If the size of the vector Out is 0 then the # of paths are 0, but if size(Out) > 0 then the size of vector Nodes + 1 are the total number of paths from top left to bottom right.
#include <iostream>
#include <vector>
using namespace std;
typedef vector<pair<int,int> > vPii;
bool pathTL2BR( int Arr2D[][4], vPii &Out, vPii &Nodes,
int _x,int _y, int _M, int _N)
{
bool out1 = false;
bool out2 = false;
if( Arr2D[_x][_y] == 1 )
{
if( _y+1 < _N )
out1 = pathTL2BR( Arr2D, Out, Nodes, _x, _y+1, _M, _N);
if( _x+1 < _M )
out2 = pathTL2BR( Arr2D, Out, Nodes, _x+1, _y, _M, _N);
if( (out1 || out2) ||
( (_x == (_M-1)) && (_y == (_N-1)) ) )
{
if(out1 && out2)
Nodes.push_back( make_pair(_x,_y ) );
Out.push_back( make_pair(_x,_y ) );
return true;
}
else
return false;
}
else
return false;
}
// Driver program to test above function
int main()
{
int Arr2D[][4] = {
{1,1,1,1},
{0,1,0,1},
{0,1,0,1},
{0,1,0,1}
};
vPii Out;
vPii Nodes;
vector<vPii> Output;
pathTL2BR( Arr2D, Out, Nodes, 0, 0, 4, 4);
return 0;
}
This is a python solution, I have put explanations in the comments.

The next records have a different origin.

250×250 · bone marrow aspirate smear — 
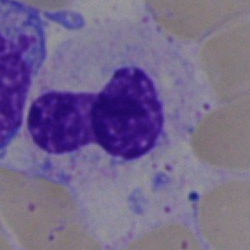
This is a stab cell.
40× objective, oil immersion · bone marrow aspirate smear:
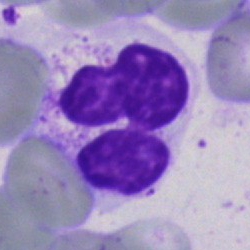Showing an artifact.
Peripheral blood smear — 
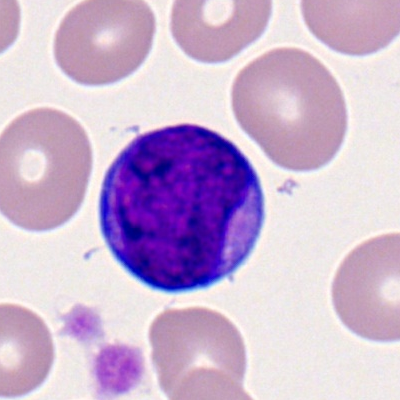 A myeloid blast.
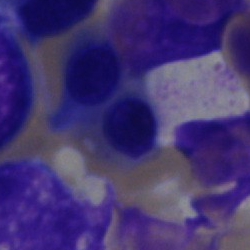Cell type — normoblast.
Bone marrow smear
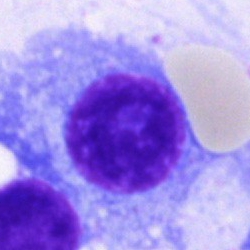
Plasma cell.
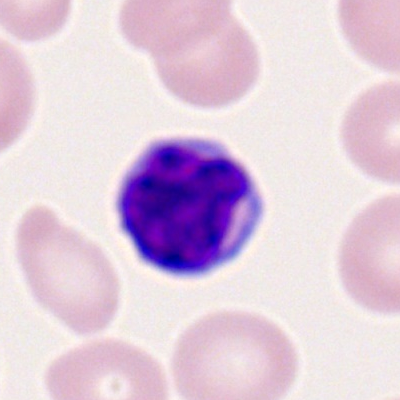Morphological class — lymphocyte.
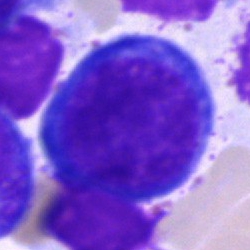 The morphological class is proerythroblast.
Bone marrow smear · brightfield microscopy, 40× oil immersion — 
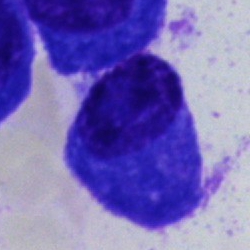

The cell type is plasma cell.
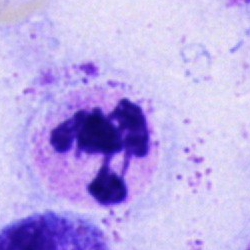
Q: What is shown here?
A: A neutrophil (segmented).
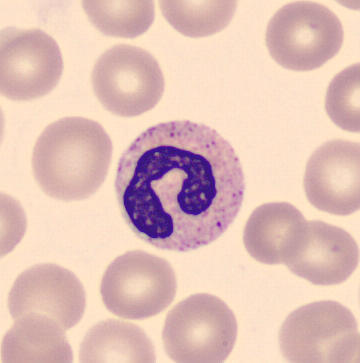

def find_num_paths(arr_2D, i, j):
# i,j is the start point and you have to travel all the way back to 0,0
if i == j and i == 0:
return 1 # you have reached the start point
if i < 0 or j < 0 or arr_2D[i][j] == 0: # out of range or no path from that point
return 0
if arr_2D[i][j] == 1:
return find_num_paths(arr_2D, i, j-1) + find_num_paths(arr_2D, i-1, j) + find_num_paths(arr_2D, i-1, j-1) # you could go one step above, to the left or diagonally up.